In the records below, find the line that contains "Question: Is there" and the line that contains "Answer: މި ދެންނެވި", then retype exactly those two lines and every line between them.

RECORDS PROVIDED |
+---+

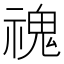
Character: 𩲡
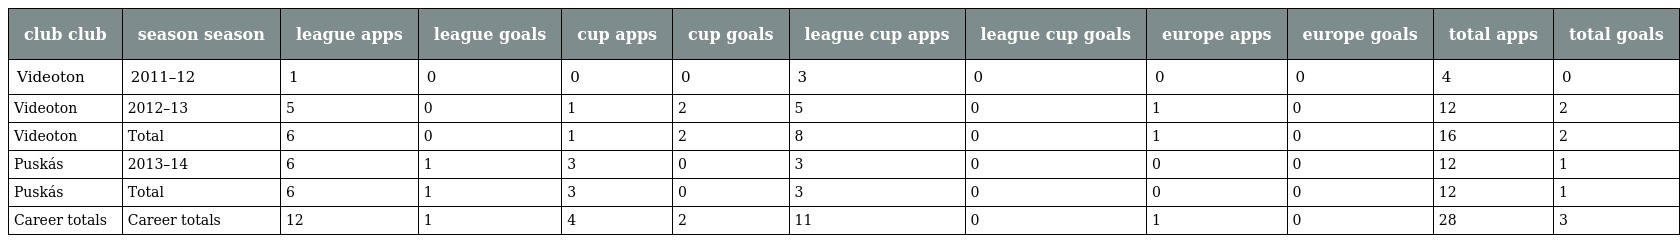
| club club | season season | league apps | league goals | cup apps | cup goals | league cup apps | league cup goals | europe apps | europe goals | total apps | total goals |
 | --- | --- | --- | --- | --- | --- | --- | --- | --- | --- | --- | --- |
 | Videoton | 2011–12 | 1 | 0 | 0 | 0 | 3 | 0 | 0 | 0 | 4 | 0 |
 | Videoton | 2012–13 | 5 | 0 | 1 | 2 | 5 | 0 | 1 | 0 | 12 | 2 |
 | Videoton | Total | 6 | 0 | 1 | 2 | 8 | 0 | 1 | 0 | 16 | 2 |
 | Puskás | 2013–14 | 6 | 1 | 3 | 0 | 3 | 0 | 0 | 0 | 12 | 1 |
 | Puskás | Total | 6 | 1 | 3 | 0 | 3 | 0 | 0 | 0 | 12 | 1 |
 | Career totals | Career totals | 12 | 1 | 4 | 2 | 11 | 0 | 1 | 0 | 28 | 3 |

+---+

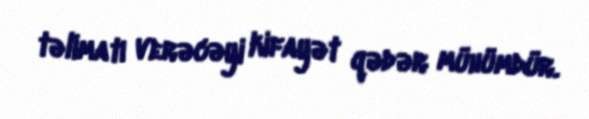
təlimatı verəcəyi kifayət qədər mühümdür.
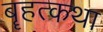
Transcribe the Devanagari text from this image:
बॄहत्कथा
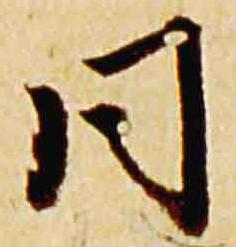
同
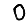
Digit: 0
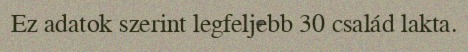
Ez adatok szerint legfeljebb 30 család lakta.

+---+

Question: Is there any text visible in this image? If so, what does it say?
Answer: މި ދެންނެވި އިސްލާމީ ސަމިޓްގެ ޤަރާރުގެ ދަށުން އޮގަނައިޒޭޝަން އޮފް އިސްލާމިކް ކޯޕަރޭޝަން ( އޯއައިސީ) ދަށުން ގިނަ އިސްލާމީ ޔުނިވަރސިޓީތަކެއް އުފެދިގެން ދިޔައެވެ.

+---+

TASK ANSWER |
Question: Is there any text visible in this image? If so, what does it say?
Answer: މި ދެންނެވި އިސްލާމީ ސަމިޓްގެ ޤަރާރުގެ ދަށުން އޮގަނައިޒޭޝަން އޮފް އިސްލާމިކް ކޯޕަރޭޝަން ( އޯއައިސީ) ދަށުން ގިނަ އިސްލާމީ ޔުނިވަރސިޓީތަކެއް އުފެދިގެން ދިޔައެވެ.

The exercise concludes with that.